Desde que la familia de Guadalupe hizo la denuncia a horas de la desaparición de la niña, el Estado provincial (el régimen de Alberto Rodríguez Saá) con apoyo del Gobierno nacional realizó 419 allanamientos en la ciudad de San Luis y diversos operativos en ciudades aledañas e incluso en otras provincias. Hubo 1.221 rastrillajes, según las versiones oficiales, en casas, baldíos y diques. Pero todo con resultado negativo.

Incluso, intentando mostrar “avances” en la investigación, el Poder Judicial de San Luis mandó a secuestrar celulares, computadoras y demás pertenencias del entorno de la niña, abonando la hipótesis de que habría sido víctima de un entramado intrafamiliar. Pero no hubo ningún resultado que permitiera obtener rastros de su paradero.
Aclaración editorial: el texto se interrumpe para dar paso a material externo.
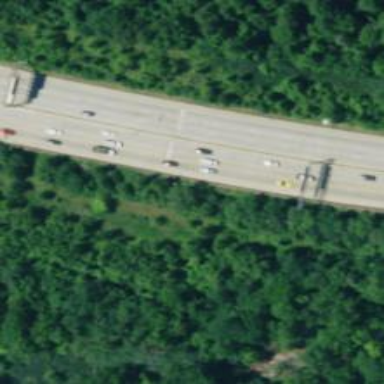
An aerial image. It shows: Motorway identified as Other Freeway and Expressway by HFCS.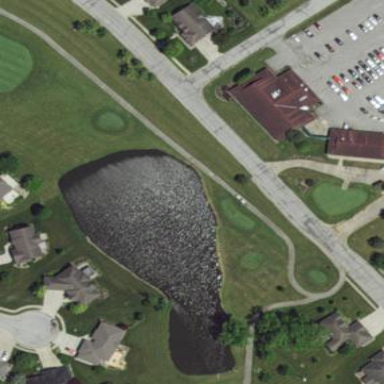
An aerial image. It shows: Scenic view of water hazard on golf course. The natural water feature adds beauty to the landscape.
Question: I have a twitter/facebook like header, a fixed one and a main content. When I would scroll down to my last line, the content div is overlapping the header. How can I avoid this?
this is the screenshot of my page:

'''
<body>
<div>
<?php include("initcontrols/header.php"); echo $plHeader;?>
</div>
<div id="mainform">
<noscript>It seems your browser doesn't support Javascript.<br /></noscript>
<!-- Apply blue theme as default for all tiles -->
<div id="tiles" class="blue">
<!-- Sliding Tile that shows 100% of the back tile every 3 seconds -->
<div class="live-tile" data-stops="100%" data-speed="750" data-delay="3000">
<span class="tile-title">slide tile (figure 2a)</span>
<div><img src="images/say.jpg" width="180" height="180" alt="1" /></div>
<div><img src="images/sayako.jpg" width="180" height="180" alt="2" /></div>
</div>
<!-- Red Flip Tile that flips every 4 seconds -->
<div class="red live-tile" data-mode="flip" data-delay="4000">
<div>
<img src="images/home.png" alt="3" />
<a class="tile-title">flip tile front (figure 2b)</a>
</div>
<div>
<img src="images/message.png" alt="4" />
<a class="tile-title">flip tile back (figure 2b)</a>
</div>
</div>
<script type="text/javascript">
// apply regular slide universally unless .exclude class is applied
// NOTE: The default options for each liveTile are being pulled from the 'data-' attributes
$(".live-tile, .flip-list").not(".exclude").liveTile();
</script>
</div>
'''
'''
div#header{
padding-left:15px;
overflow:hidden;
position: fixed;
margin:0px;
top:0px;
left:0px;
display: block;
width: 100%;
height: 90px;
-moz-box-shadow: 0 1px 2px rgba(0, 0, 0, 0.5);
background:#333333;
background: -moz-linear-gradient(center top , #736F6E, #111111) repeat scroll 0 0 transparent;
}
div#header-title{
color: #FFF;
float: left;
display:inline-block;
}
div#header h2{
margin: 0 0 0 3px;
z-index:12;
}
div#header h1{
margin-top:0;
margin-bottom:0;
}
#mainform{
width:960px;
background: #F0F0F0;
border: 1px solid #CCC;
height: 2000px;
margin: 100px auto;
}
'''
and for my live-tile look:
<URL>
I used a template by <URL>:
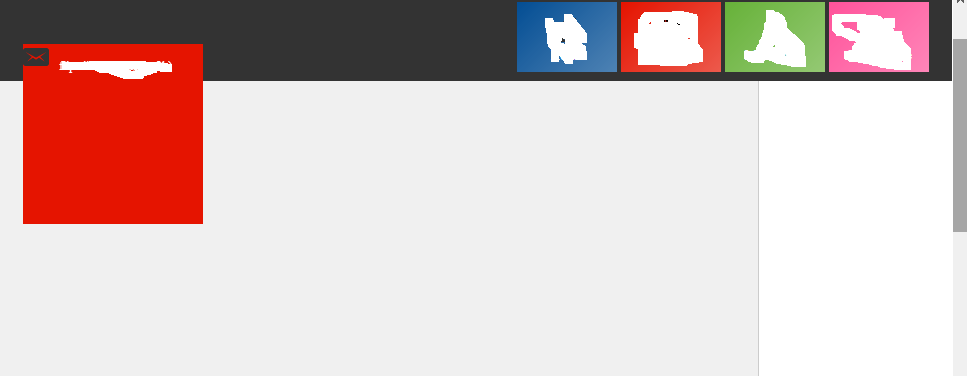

Por el contrario, las autoridades a cargo de la causa llevan cien días negándose a investigar a fondo la hipótesis de la desaparición forzada, probablemente con fines de trata. El acercamiento de Susana Trimarco, madre de Marita Verón, a la familia de Guadalupe hizo pensar en esa hipótesis pero eso no se ha visto reflejado en el accionar del titular del Juzgado Penal 2 puntano, Ariel Parrillis.

La semana pasada, producto de una reunión entre Trimarco y Eduardo Casal, el Procurador General de la Nación (interino) designó a tres fiscales federales para que intervengan en la causa. Pero parece que el juez Parrillis aún no se enteró y sigue con su misma línea “investigativa”.

Lo cierto es que el Estado sigue haciendo como que hace mientras Guadalupe sigue sin aparecer y su familia sufre día a día el desgaste que produce la incertidumbre, la angustia y la falta de respuestas de quienes deberían responder.

A pocos días de desaparecida, desde este diario nos preguntábamos si el Estado quiere encontrar realmente sana y salva a Guadalupe Lucero Cialone. La historia argentina reciente tiene sobrados ejemplos en los que funcionarios de los poderes ejecutivos y judiciales se llenan la boca diciendo que van a investigar “todas las hipótesis” y “hasta las últimas consecuencias”, pero los casos terminan sin resolverse, con familias dejadas a su suerte, víctimas que nunca aparecen y causas convertidas en decálogos de impunidad.

Hace pocos días uno de esos casos cumplió quince años: la desaparicion forzada de Jorge Julio López, ocurrida en La Plata el 18 de septiembre de 2006. Muchos de los funcionarios de entonces (algunos incluso siguen siéndolo hoy, como Aníbal Fernández) se cansaron de asegurar que López estaba siendo intensamente buscado y que confiaban en encontrarlo sano y salvo. Los resultados están a la vista.

Nuevamente el Estado y sus gerenciadores siguen demostrando que la vida de las personas de la población trabajadora y pobre para ellos no valen nada. La exigencia de aparición con vida ya de Guadalupe y el juicio y castigo a los responsables de su desaparición se hace hoy más fuerte que nunca.